• _Problem to work on_: Exactly as they appear, please output the lines from the one with "It is important" through the end of the material, without pictures.
● ● ● ●
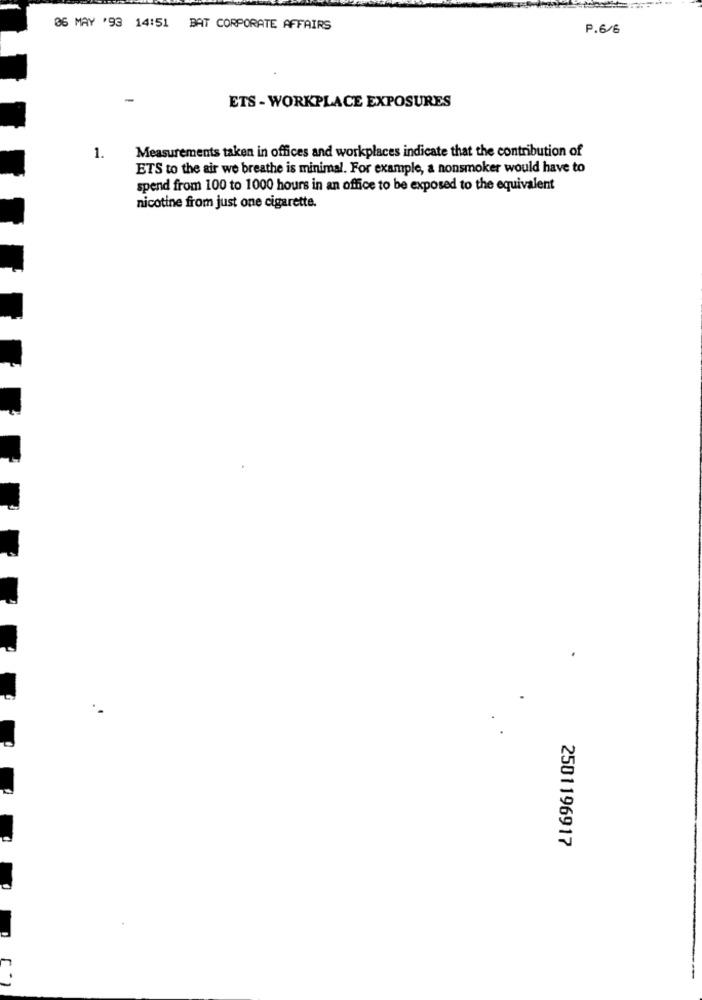
06 MAY '93 14:51 BAT CORPORATE AFFAIRS
P.6/6
ETS - WORKPLACE EXPOSURES
Measurements taken in offices and workplaces indicate that the contribution of
1.
ETS to the air we breathe is minimal. For example, a nonsmoker would have to
spend from 100 to 1000 hours in an office to be exposed to the equivalent
nicotine from just one cigarette.
2501196917
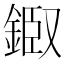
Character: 𨨘
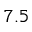
7 . 5
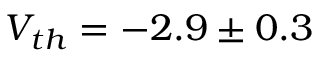
V _ { t h } = - 2 . 9 \pm 0 . 3
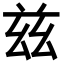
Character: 兹
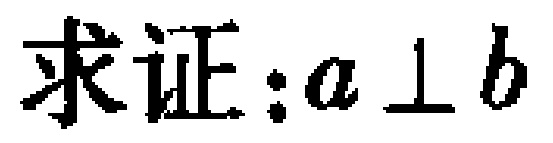
求证：\(a \perp b\)
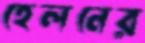
হেলনের
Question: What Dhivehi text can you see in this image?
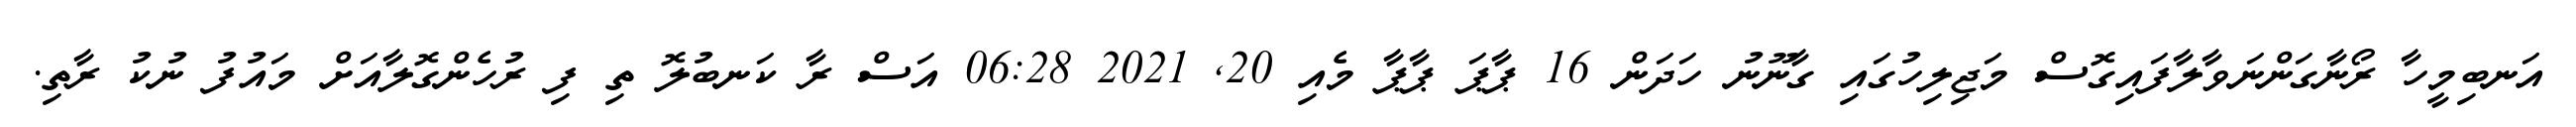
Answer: އަނބިމީހާ ރޯނާގަންނަވާލާފައިގޮސް މަޖިލިހުގައި ގާނޫނު ހަދަން 16 ޕާޕަ ޕާޕާ މެއި 20, 2021 06:28 އަސް ރާ ކަނބުލޮ ތި ފި ރުހެންގޮލާއަށް މައުފު ނުކު ރާތި.
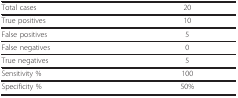
<table><thead><tr><td><b>Total cases</b></td><td><b>20</b></td></tr></thead><tbody><tr><td>True positives</td><td>10</td></tr><tr><td>False positives</td><td>5</td></tr><tr><td>False negatives</td><td>0</td></tr><tr><td>True negatives</td><td>5</td></tr><tr><td>Sensitivity %</td><td>100</td></tr><tr><td>Specificity %</td><td>50%</td></tr></tbody></table>
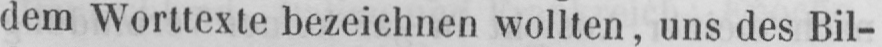
dem Worttexte bezeichnen wollten, uns des Bil-
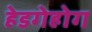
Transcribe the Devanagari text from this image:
हेडगेहोग
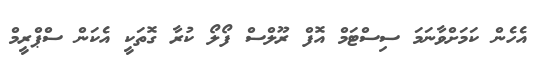
އެހެން ކަމަށްވާނަމަ ސިސްޓަމް އޮފް ރޫލްސް ފޯލޯ ކުރާ ގޮތަކީ އެކަން ސްޕްރީމް
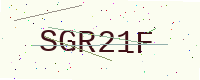
Text: SGR21F
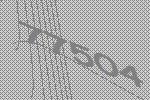
77504
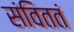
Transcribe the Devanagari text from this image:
संविततं
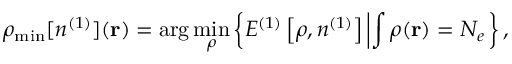
\rho _ { \mathrm { m i n } } [ n ^ { ( 1 ) } ] ( { \bf r } ) = \arg \operatorname* { m i n } _ { \rho } \left\{ { \cal E } ^ { ( 1 ) } \left[ \rho , n ^ { ( 1 ) } \right] \left\vert \int \rho ( { \bf r } ) = N _ { e } \right. \right\} ,
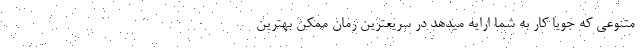
متنوعی که جویا کار به شما ارایه میدهد در سریعترین زمان ممکن بهترین
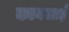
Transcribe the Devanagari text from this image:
कानसाई
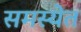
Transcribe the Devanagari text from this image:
समस्येत
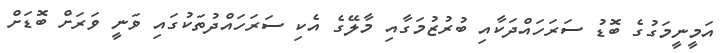
އަމީނީމަގުގެ ބޮޑު ސަރަހައްދަކާއި ބުރުޒުމަގާއި މާލޭގެ އެކި ސަރަހައްދުތަކުގައި ވަނީ ވަރަށް ބޮޑަށް
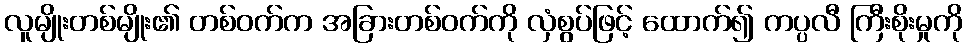
လူမျိုးတစ်မျိုး၏ တစ်ဝက်က အခြားတစ်ဝက်ကို လှံစွပ်ဖြင့် ထောက်၍ ကပ္ပလီ ကြီးစိုးမှုကို
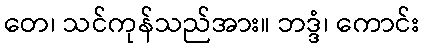
တေ၊ သင်ကုန်သည်အား။ ဘဒ္ဒံ၊ ကောင်း
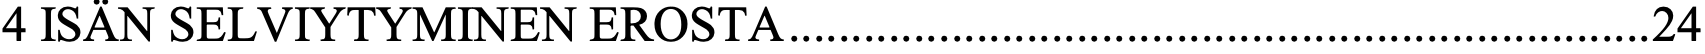
4 ISÄN SELVIYTYMINEN EROSTA ..................................................................... 24
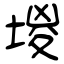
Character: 堫
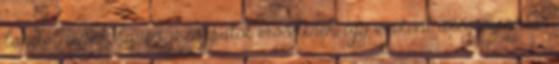
landolnának, hanem a csapatot erősítenék, így viszont szegény ember
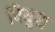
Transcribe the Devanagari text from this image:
पियुश
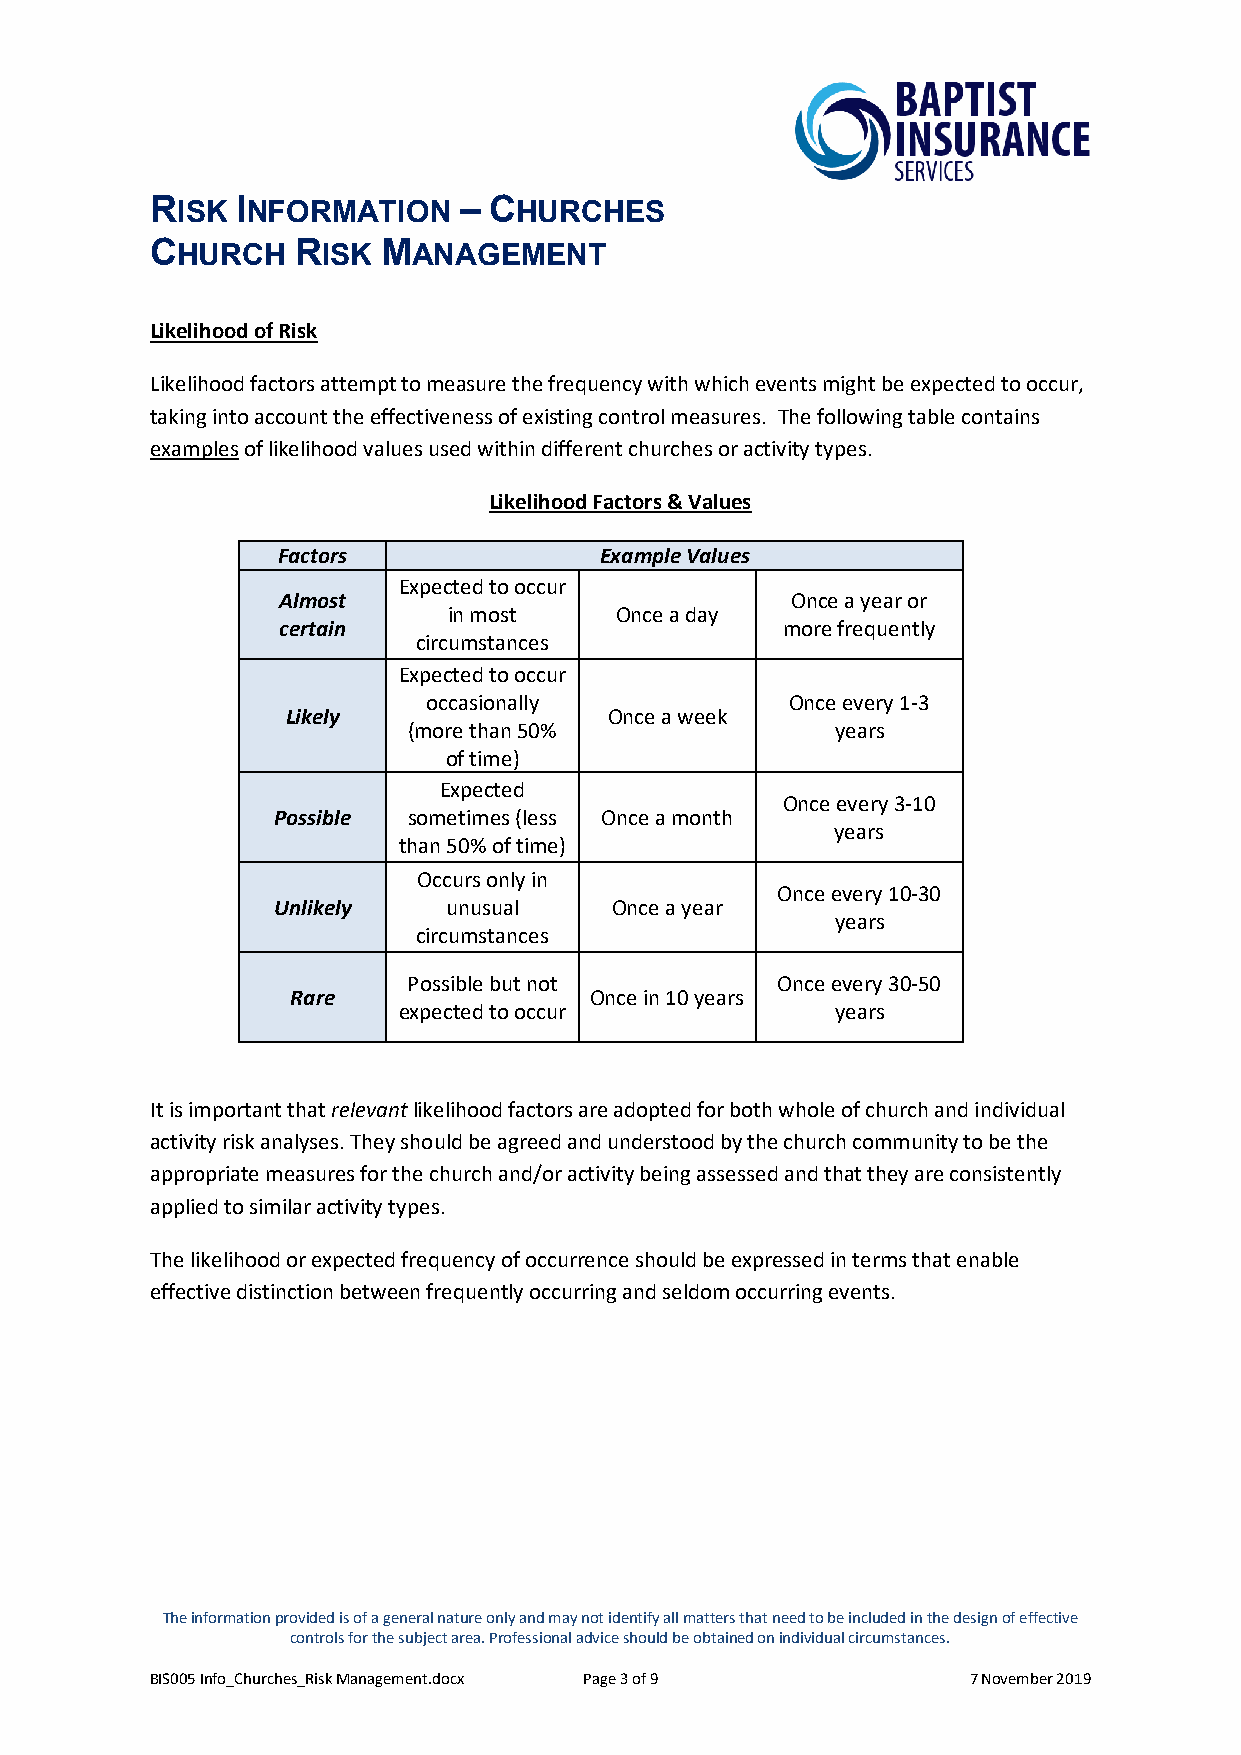
RISK  INFORMATION   – CHURCHES
 CHURCH   RISK  MANAGEMENT
 Likelihood of Risk
 Likelihood factors attempt to measure the frequency with which events might be expected to occur,
 taking into account the effectiveness of existing control measures. The following table contains
 examples of likelihood values used within different churches or activity types.
 Likelihood Factors & Values
 Factors               Example Values
 Expected to occur
 Almost                            Once a year or
 in most    Once a day
 certain                           more frequently
 circumstances
 Expected to occur
 occasionally            Once every 1-3
 Likely               Once a week
 (more than 50%              years
 of time)
 Expected
 Once every 3-10
 Possible sometimes (less Once a month
 years
 than 50% of time)
 Occurs only in
 Once every 10-30
 Unlikely   unusual    Once a year
 years
 circumstances
 Possible but not        Once every 30-50
 Rare                Once in 10 years
 expected to occur            years
 It is important that relevant likelihood factors are adopted for both whole of church and individual
 activity risk analyses. They should be agreed and understood by the church community to be the
 appropriate measures for the church and/or activity being assessed and that they are consistently
 applied to similar activity types.
 The likelihood or expected frequency of occurrence should be expressed in terms that enable
 effective distinction between frequently occurring and seldom occurring events.
 The information provided is of a general nature only and may not identify all matters that need to be included in the design of effective
 controls for the subject area. Professional advice should be obtained on individual circumstances.
 BIS005 Info_Churches_Risk Management.docx Page 3 of 9 7 November 2019
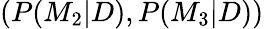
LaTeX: (P(M_{2}|D),P(M_{3}|D))
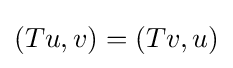
(Tu,v)=(Tv,u)
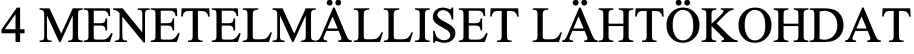
4 MENETELMÄLLISET LÄHTÖKOHDAT
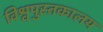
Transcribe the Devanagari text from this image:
विश्वपुस्तकालय
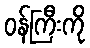
ဝန်ကြီးကို
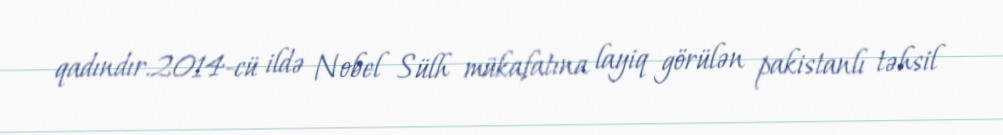
qadındır.2014-cü ildə Nobel Sülh mükafatına layiq görülən pakistanlı təhsil
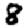
Digit: 8
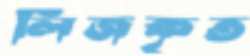
লিজকৃত
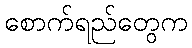
စောက်ရည်တွေက
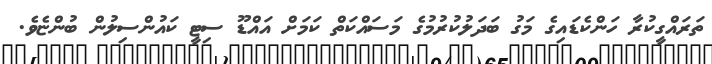
ތަރައްގީކުރާ ހަންކެޑައިގެ މަގު ބަދަލުކުރުމުގެ މަސައްކަތް ކަމަށް އައްޑޫ ސިޓީ ކައުންސިލުން ބުންޏެވެ.
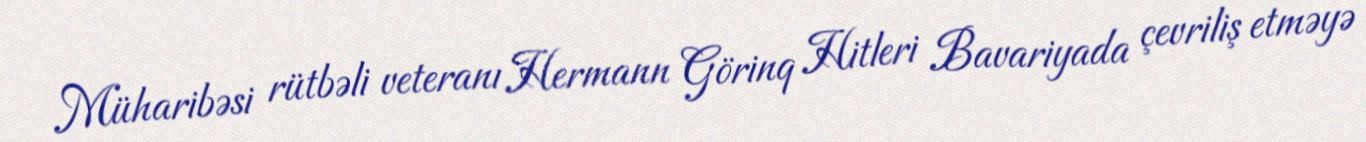
Müharibəsi rütbəli veteranı Hermann Görinq Hitleri Bavariyada çevriliş etməyə
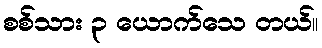
စစ်သား ၃ ယောက်သေ တယ်။
● ● ● ●
• _Solution_:
 It is important that relevant likelihood factors are adopted for both whole of church and individual
 activity risk analyses. They should be agreed and understood by the church community to be the
 appropriate measures for the church and/or activity being assessed and that they are consistently
 applied to similar activity types.
 The likelihood or expected frequency of occurrence should be expressed in terms that enable
 effective distinction between frequently occurring and seldom occurring events.
 The information provided is of a general nature only and may not identify all matters that need to be included in the design of effective
 controls for the subject area. Professional advice should be obtained on individual circumstances.
 BIS005 Info_Churches_Risk Management.docx Page 3 of 9 7 November 2019
LaTeX: (P(M_{2}|D),P(M_{3}|D))
(Tu,v)=(Tv,u)
4 MENETELMÄLLISET LÄHTÖKOHDAT
Transcribe the Devanagari text from this image:
विश्वपुस्तकालय
ဝန်ကြီးကို
qadındır.2014-cü ildə Nobel Sülh mükafatına layiq görülən pakistanlı təhsil
Digit: 8
লিজকৃত
စောက်ရည်တွေက
ތަރައްގީކުރާ ހަންކެޑައިގެ މަގު ބަދަލުކުރުމުގެ މަސައްކަތް ކަމަށް އައްޑޫ ސިޓީ ކައުންސިލުން ބުންޏެވެ.
Müharibəsi rütbəli veteranı Hermann Görinq Hitleri Bavariyada çevriliş etməyə
စစ်သား ၃ ယောက်သေ တယ်။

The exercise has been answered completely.